> WORK ORDER
Return, word for word, only the lines of the data below that lie between the line with "file: S. 16,362, Henry Deshasure, Ga. S.C." and the line with "Barnard September 10th A.D. 1834", those two lines included.

> INPUT DATA
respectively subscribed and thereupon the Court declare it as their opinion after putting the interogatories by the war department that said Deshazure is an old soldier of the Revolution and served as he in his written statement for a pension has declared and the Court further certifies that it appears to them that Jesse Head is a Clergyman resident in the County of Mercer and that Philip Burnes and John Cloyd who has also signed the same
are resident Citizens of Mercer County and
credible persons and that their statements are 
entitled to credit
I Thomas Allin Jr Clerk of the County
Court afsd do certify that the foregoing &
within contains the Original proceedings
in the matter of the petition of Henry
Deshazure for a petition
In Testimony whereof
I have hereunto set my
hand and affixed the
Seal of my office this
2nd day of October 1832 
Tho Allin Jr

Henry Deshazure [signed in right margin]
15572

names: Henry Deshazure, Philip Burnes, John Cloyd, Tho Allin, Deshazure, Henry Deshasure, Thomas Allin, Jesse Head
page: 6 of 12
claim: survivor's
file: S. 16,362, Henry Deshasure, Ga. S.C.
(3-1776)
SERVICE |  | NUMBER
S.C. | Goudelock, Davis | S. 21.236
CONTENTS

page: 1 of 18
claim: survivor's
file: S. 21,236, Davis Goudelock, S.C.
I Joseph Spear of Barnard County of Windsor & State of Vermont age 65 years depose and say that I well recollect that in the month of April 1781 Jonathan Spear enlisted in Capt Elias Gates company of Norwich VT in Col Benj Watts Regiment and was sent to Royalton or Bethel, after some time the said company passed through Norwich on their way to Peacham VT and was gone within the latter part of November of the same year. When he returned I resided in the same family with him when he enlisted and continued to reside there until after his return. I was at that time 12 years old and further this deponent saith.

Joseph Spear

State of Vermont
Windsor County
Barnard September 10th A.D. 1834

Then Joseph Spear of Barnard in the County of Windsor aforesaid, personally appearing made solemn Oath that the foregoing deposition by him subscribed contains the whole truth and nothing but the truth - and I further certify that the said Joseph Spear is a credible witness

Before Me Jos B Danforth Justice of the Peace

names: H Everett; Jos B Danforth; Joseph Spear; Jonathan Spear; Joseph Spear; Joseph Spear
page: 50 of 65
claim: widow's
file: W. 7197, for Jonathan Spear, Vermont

> RESPONSE BOX
file: S. 16,362, Henry Deshasure, Ga. S.C.
(3-1776)
SERVICE |  | NUMBER
S.C. | Goudelock, Davis | S. 21.236
CONTENTS

page: 1 of 18
claim: survivor's
file: S. 21,236, Davis Goudelock, S.C.
I Joseph Spear of Barnard County of Windsor & State of Vermont age 65 years depose and say that I well recollect that in the month of April 1781 Jonathan Spear enlisted in Capt Elias Gates company of Norwich VT in Col Benj Watts Regiment and was sent to Royalton or Bethel, after some time the said company passed through Norwich on their way to Peacham VT and was gone within the latter part of November of the same year. When he returned I resided in the same family with him when he enlisted and continued to reside there until after his return. I was at that time 12 years old and further this deponent saith.

Joseph Spear

State of Vermont
Windsor County
Barnard September 10th A.D. 1834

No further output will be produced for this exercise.